● **TASK BRIEF**
Could you repeat the entries below exactly, but only from the line with "[diagram: same view" through the line with "#140=EDGE_LOOP('',(#192,#193,#194,#195,#196,#197,#198,#199));", and without any picture?
*** PROVIDED DATA
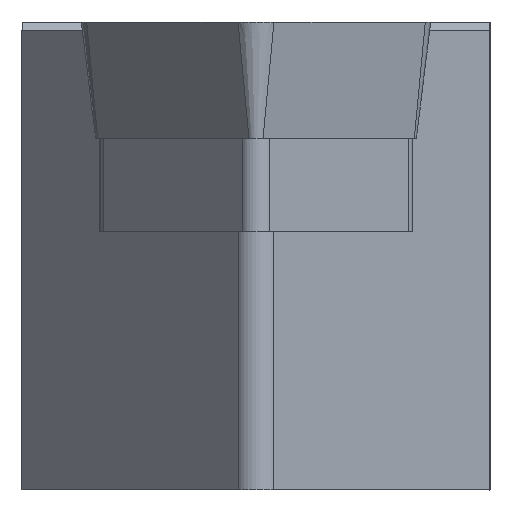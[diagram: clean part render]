
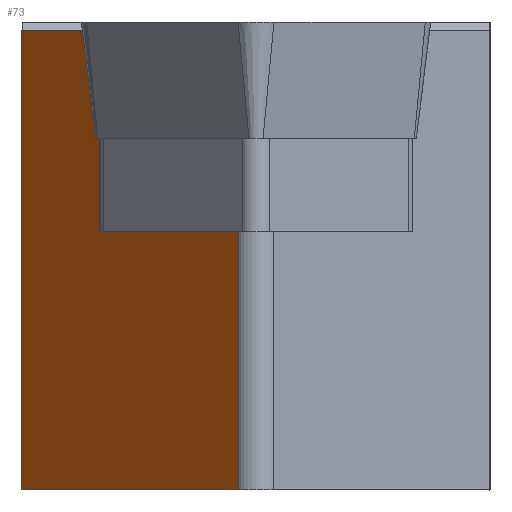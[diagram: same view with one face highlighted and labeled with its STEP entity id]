
A CAD part, left-side view. The second image highlights one B-rep face of the part: STEP entity #73.
In plain terms, the highlighted planar face has unit normal (-0.643, 0.766, 0).
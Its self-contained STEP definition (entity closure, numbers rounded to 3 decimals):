
#50=PLANE('',#611);
#73=ADVANCED_FACE('',(#109),#50,.F.);
#109=FACE_OUTER_BOUND('',#140,.T.);
#140=EDGE_LOOP('',(#192,#193,#194,#195,#196,#197,#198,#199));
#192=ORIENTED_EDGE('',*,*,#406,.F.);
#193=ORIENTED_EDGE('',*,*,#408,.T.);
#194=ORIENTED_EDGE('',*,*,#409,.F.);
#195=ORIENTED_EDGE('',*,*,#410,.F.);
#196=ORIENTED_EDGE('',*,*,#411,.T.);
#197=ORIENTED_EDGE('',*,*,#412,.F.);
#198=ORIENTED_EDGE('',*,*,#413,.F.);
#199=ORIENTED_EDGE('',*,*,#414,.F.);
#352=VERTEX_POINT('',#829);
#353=VERTEX_POINT('',#831);
#354=VERTEX_POINT('',#835);
#355=VERTEX_POINT('',#837);
#356=VERTEX_POINT('',#839);
#357=VERTEX_POINT('',#841);
#358=VERTEX_POINT('',#843);
#359=VERTEX_POINT('',#845);
#406=EDGE_CURVE('',#352,#353,#486,.T.);
#408=EDGE_CURVE('',#352,#354,#487,.T.);
#409=EDGE_CURVE('',#355,#354,#488,.T.);
#410=EDGE_CURVE('',#356,#355,#489,.T.);
#411=EDGE_CURVE('',#356,#357,#490,.T.);
#412=EDGE_CURVE('',#358,#357,#491,.T.);
#413=EDGE_CURVE('',#359,#358,#492,.T.);
#414=EDGE_CURVE('',#353,#359,#493,.T.);
#486=LINE('',#830,#547);
#487=LINE('',#834,#548);
#488=LINE('',#836,#549);
#489=LINE('',#838,#550);
#490=LINE('',#840,#551);
#491=LINE('',#842,#552);
#492=LINE('',#844,#553);
#493=LINE('',#846,#554);
#547=VECTOR('',#664,1.);
#548=VECTOR('',#669,1.);
#549=VECTOR('',#670,1.);
#550=VECTOR('',#671,1.);
#551=VECTOR('',#672,1.);
#552=VECTOR('',#673,1.);
#553=VECTOR('',#674,1.);
#554=VECTOR('',#675,1.);
#611=AXIS2_PLACEMENT_3D('',#847,#676,#677);
#664=DIRECTION('',(0.,0.,-1.));
#669=DIRECTION('',(0.766,0.643,0.));
#670=DIRECTION('',(0.,0.,-1.));
#671=DIRECTION('',(0.766,0.643,0.));
#672=DIRECTION('',(0.095,0.08,0.992));
#673=DIRECTION('',(-0.766,-0.643,0.));
#674=DIRECTION('',(0.,0.,1.));
#675=DIRECTION('',(0.766,0.643,0.));
#676=DIRECTION('',(0.643,-0.766,0.));
#677=DIRECTION('',(0.766,0.643,0.));
#829=CARTESIAN_POINT('',(2.139,-7.387,-7.15));
#830=CARTESIAN_POINT('',(2.139,-7.387,-43.97));
#831=CARTESIAN_POINT('',(2.139,-7.387,-16.));
#834=CARTESIAN_POINT('',(2.76,-6.866,-7.15));
#835=CARTESIAN_POINT('',(7.795,-2.641,-7.15));
#836=CARTESIAN_POINT('',(7.795,-2.641,-3.97));
#837=CARTESIAN_POINT('',(7.795,-2.641,-3.97));
#838=CARTESIAN_POINT('',(2.76,-6.866,-3.97));
#839=CARTESIAN_POINT('',(7.734,-2.692,-3.97));
#840=CARTESIAN_POINT('',(7.734,-2.692,-3.973));
#841=CARTESIAN_POINT('',(8.085,-2.398,-0.3));
#842=CARTESIAN_POINT('',(7.452,-2.929,-0.3));
#843=CARTESIAN_POINT('',(10.942,0.,-0.3));
#844=CARTESIAN_POINT('',(10.942,0.,-43.97));
#845=CARTESIAN_POINT('',(10.942,0.,-16.));
#846=CARTESIAN_POINT('',(2.139,-7.387,-16.));
#847=CARTESIAN_POINT('',(7.452,-2.929,-43.97));
******
● **RESULT OF THE TASK**
[diagram: same view with one face highlighted and labeled with its STEP entity id]
A CAD part, left-side view. The second image highlights one B-rep face of the part: STEP entity #73.
In plain terms, the highlighted planar face has unit normal (-0.643, 0.766, 0).
Its self-contained STEP definition (entity closure, numbers rounded to 3 decimals):
#50=PLANE('',#611);
#73=ADVANCED_FACE('',(#109),#50,.F.);
#109=FACE_OUTER_BOUND('',#140,.T.);
#140=EDGE_LOOP('',(#192,#193,#194,#195,#196,#197,#198,#199));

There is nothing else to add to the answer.